▶ **What is needed**
Could you write the entries out again, exactly as they appear?

___ Data for this exercise ___

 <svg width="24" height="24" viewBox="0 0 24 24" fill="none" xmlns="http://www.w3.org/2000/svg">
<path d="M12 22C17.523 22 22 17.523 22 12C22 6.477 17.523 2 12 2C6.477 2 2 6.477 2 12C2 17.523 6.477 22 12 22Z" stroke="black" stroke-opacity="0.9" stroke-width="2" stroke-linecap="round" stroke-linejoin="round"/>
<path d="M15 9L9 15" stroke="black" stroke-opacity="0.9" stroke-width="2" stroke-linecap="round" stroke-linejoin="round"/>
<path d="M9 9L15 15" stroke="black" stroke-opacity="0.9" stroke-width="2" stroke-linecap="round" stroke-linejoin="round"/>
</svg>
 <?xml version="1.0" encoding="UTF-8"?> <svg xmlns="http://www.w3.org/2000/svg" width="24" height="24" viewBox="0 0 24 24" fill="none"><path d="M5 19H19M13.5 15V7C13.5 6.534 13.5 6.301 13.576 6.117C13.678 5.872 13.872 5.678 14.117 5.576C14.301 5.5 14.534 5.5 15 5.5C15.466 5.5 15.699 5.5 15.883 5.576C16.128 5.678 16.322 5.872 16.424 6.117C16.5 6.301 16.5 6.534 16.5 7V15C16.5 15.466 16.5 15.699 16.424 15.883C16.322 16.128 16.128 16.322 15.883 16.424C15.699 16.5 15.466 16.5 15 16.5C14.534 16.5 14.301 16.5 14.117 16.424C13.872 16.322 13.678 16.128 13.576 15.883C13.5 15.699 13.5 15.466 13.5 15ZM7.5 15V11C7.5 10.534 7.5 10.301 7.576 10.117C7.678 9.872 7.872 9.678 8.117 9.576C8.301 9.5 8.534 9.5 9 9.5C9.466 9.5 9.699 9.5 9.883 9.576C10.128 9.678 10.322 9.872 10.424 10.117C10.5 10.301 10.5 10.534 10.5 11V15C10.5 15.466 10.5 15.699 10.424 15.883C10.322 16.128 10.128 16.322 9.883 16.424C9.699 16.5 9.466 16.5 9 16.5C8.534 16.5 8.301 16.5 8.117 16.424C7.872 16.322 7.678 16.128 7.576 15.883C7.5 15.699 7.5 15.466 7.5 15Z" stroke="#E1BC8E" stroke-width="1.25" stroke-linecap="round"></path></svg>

___

▶ **Your solution**
 <svg width="24" height="24" viewBox="0 0 24 24" fill="none" xmlns="http://www.w3.org/2000/svg">
<path d="M12 22C17.523 22 22 17.523 22 12C22 6.477 17.523 2 12 2C6.477 2 2 6.477 2 12C2 17.523 6.477 22 12 22Z" stroke="black" stroke-opacity="0.9" stroke-width="2" stroke-linecap="round" stroke-linejoin="round"/>
<path d="M15 9L9 15" stroke="black" stroke-opacity="0.9" stroke-width="2" stroke-linecap="round" stroke-linejoin="round"/>
<path d="M9 9L15 15" stroke="black" stroke-opacity="0.9" stroke-width="2" stroke-linecap="round" stroke-linejoin="round"/>
</svg>
 <?xml version="1.0" encoding="UTF-8"?> <svg xmlns="http://www.w3.org/2000/svg" width="24" height="24" viewBox="0 0 24 24" fill="none"><path d="M5 19H19M13.5 15V7C13.5 6.534 13.5 6.301 13.576 6.117C13.678 5.872 13.872 5.678 14.117 5.576C14.301 5.5 14.534 5.5 15 5.5C15.466 5.5 15.699 5.5 15.883 5.576C16.128 5.678 16.322 5.872 16.424 6.117C16.5 6.301 16.5 6.534 16.5 7V15C16.5 15.466 16.5 15.699 16.424 15.883C16.322 16.128 16.128 16.322 15.883 16.424C15.699 16.5 15.466 16.5 15 16.5C14.534 16.5 14.301 16.5 14.117 16.424C13.872 16.322 13.678 16.128 13.576 15.883C13.5 15.699 13.5 15.466 13.5 15ZM7.5 15V11C7.5 10.534 7.5 10.301 7.576 10.117C7.678 9.872 7.872 9.678 8.117 9.576C8.301 9.5 8.534 9.5 9 9.5C9.466 9.5 9.699 9.5 9.883 9.576C10.128 9.678 10.322 9.872 10.424 10.117C10.5 10.301 10.5 10.534 10.5 11V15C10.5 15.466 10.5 15.699 10.424 15.883C10.322 16.128 10.128 16.322 9.883 16.424C9.699 16.5 9.466 16.5 9 16.5C8.534 16.5 8.301 16.5 8.117 16.424C7.872 16.322 7.678 16.128 7.576 15.883C7.5 15.699 7.5 15.466 7.5 15Z" stroke="#E1BC8E" stroke-width="1.25" stroke-linecap="round"></path></svg>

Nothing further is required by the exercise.